BEGIN SUPPLIED DATA

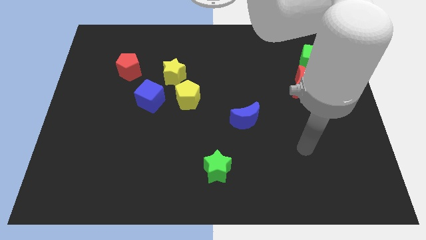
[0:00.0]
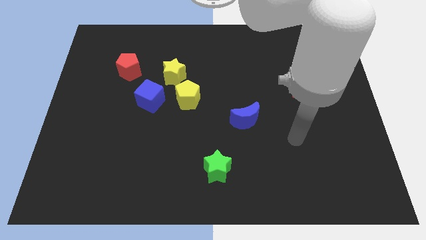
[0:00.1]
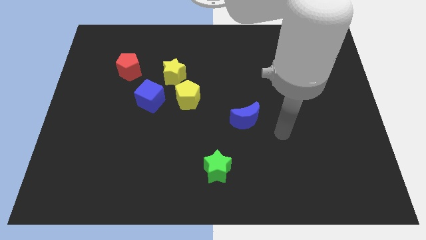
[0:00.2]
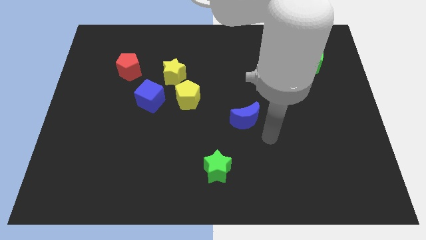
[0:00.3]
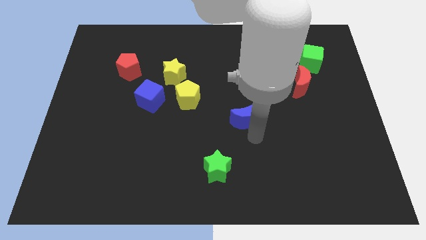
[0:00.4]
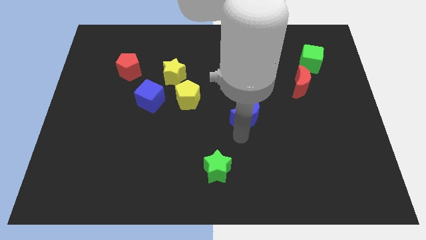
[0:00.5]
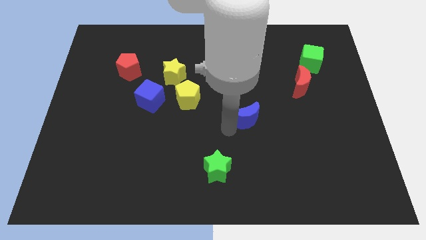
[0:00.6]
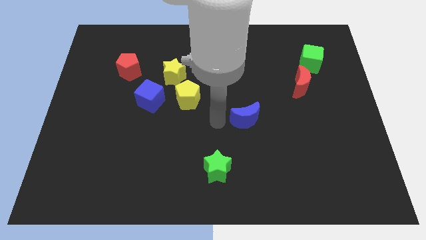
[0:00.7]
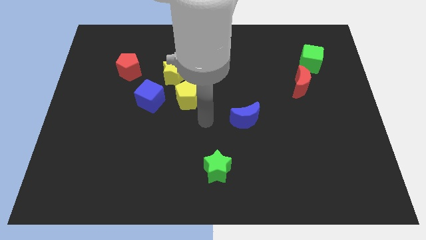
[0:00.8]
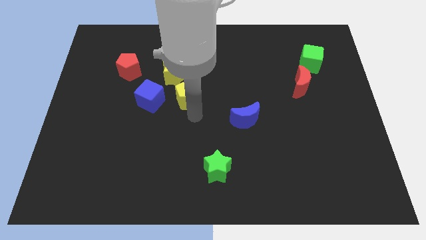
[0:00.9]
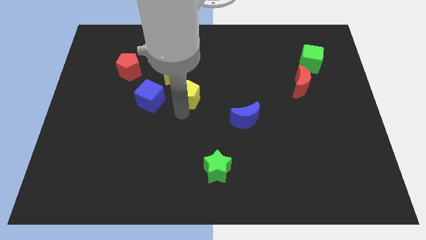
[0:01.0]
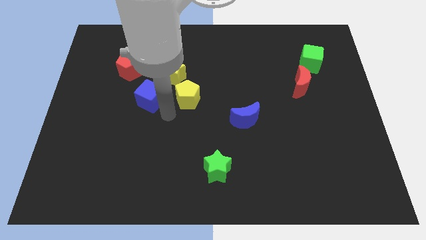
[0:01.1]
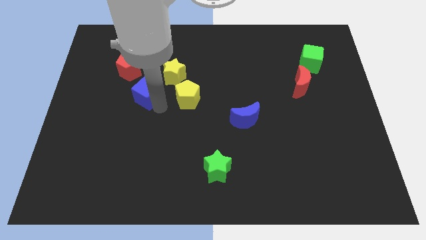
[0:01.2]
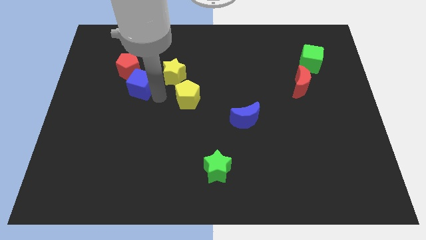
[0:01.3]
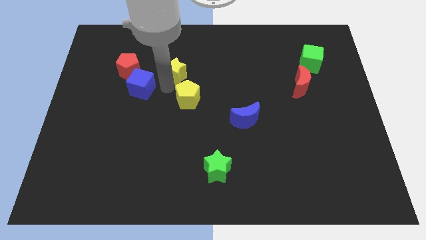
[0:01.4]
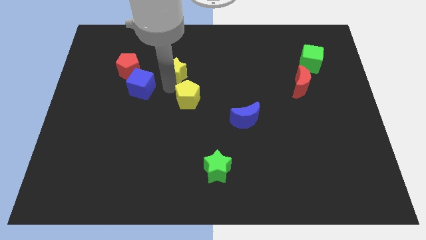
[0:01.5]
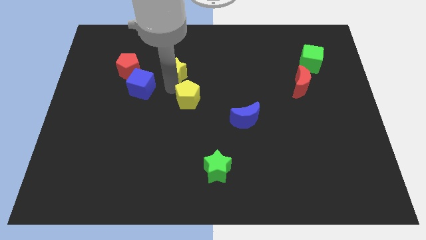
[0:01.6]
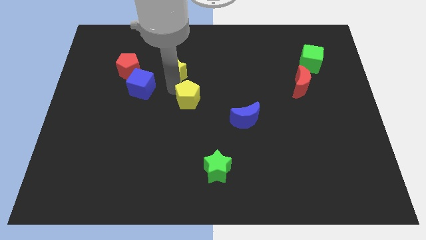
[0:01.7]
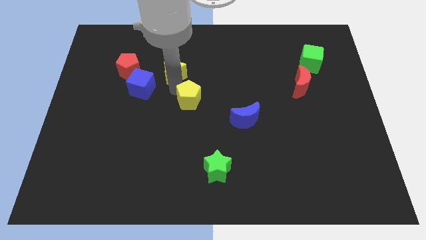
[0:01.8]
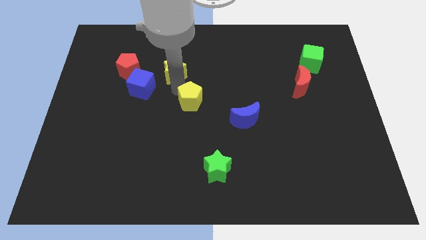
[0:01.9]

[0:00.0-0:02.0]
pull the yellow pentagon apart from the yellow star and blue cube

END SUPPLIED DATA

EXERCISE DESCRIPTION => Once the pictures are removed, write out all of the entries above exactly.

FINAL ANSWER =>
[0:00.0]
[0:00.1]
[0:00.2]
[0:00.3]
[0:00.4]
[0:00.5]
[0:00.6]
[0:00.7]
[0:00.8]
[0:00.9]
[0:01.0]
[0:01.1]
[0:01.2]
[0:01.3]
[0:01.4]
[0:01.5]
[0:01.6]
[0:01.7]
[0:01.8]
[0:01.9]

[0:00.0-0:02.0]
pull the yellow pentagon apart from the yellow star and blue cube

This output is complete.